ClearOne Inc. v. Shure Acquisition Holdings, Inc., Appeal No. 2021-1517 (Fed. Cir. 2022)

In an inter partes review appeal, the Federal Circuit affirmed the Patent Trial and Appeal Board’s decision that a proposed substitute claim was not indefinite and affirmed the Board’s denial of appellant/petitioner ClearOne’s request to file a motion for sanctions. The patent at issue concerned arrays of microphones for fitting into drop ceiling grids, and ClearOne argued that the term “arranged in a self-similar configuration” was indefinite. The Court agreed with the Board that the intrinsic evidence informed skilled artisans about the scope of the invention with reasonable certainty, and that its finding that the term had a well-understood meaning was supported by substantial extrinsic evidence. The Court found that disclosures in the written description like “self-similar or fractal-like” and “self-similar or repeating” equated self-similar configurations with fractal-like or repeating configurations, rather than juxtaposing them and creating ambiguity. The Court also criticized ClearOne’s arguments as essentially listing possible alternative interpretations of the term in isolation, which was insufficient to show indefiniteness.

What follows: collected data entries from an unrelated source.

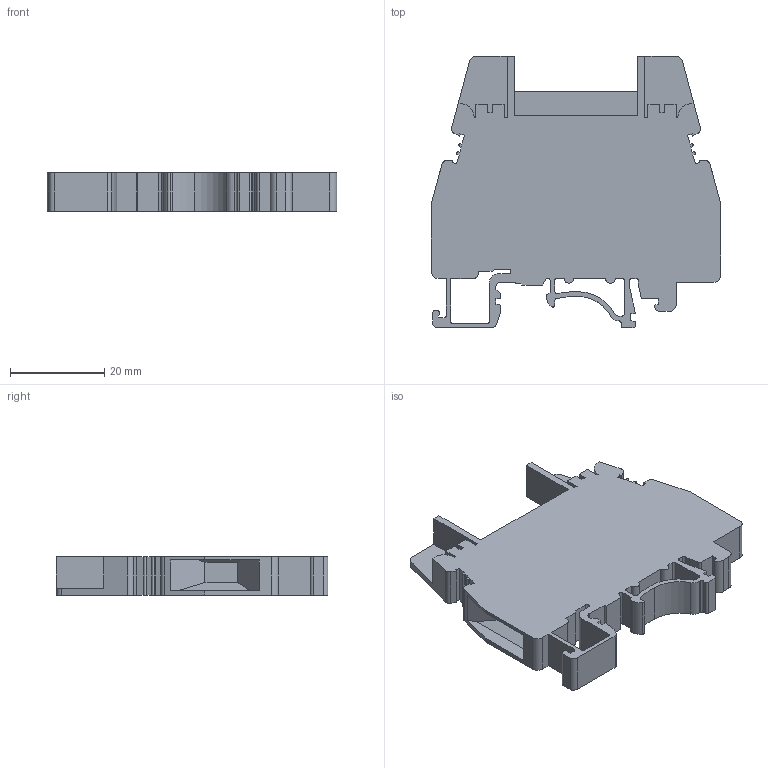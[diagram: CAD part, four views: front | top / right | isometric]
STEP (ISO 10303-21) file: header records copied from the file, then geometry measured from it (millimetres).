
FILE_DESCRIPTION((''),'2;1');
FILE_NAME('5YB574121','2021-09-01T',('Administrator'),(''),'PRO/ENGINEER BY PARAMETRIC TECHNOLOGY CORPORATION, 2013230','PRO/ENGINEER BY PARAMETRIC TECHNOLOGY CORPORATION, 2013230','');
FILE_SCHEMA(('AUTOMOTIVE_DESIGN { 1 0 10303 214 1 1 1 1 }'));
Length unit declared in the file: millimetre
Products named in the file (1): 5YB574121
Bounding box: 61.5 x 57.7 x 8.2 mm (x, y, z)
Volume: 17573.2 mm3; surface area: 8989.1 mm2
Topology: 1 solids, 1 shells, 191 faces, 559 edges, 370 vertices
Faces by surface type: plane 140, cylinder 51
Entity records: 6367 total; most frequent: CARTESIAN_POINT 1122, ORIENTED_EDGE 1118, DIRECTION 1043, EDGE_CURVE 559, VECTOR 457, LINE 457, VERTEX_POINT 370, AXIS2_PLACEMENT_3D 293

ClearOne had also requested leave to file a motion for sanctions, arguing that patentee Shure had asserted material prior art in its own petition for post-grant review of another patent, and that Shure had violated its duty of candor by failing to disclose that art in the IPR. Observing that “[t]he Board’s regulations do not obligate it to allow the filing of a sanctions motion, let alone sanction a party,” the Federal Circuit found that the Board’s decision was not an abuse of discretion. While the Board had found that the prior art was cumulative of references already asserted by ClearOne, the Court found that it need not reach that issue, because the Board’s rationale that ClearOne’s motion was a “thinly veiled attempt at a second bite at the apple” that would result in inefficient duplicate proceedings was sufficient to establish that the Board had not abused its discretion. Accordingly, the Court affirmed the Board’s final written decision.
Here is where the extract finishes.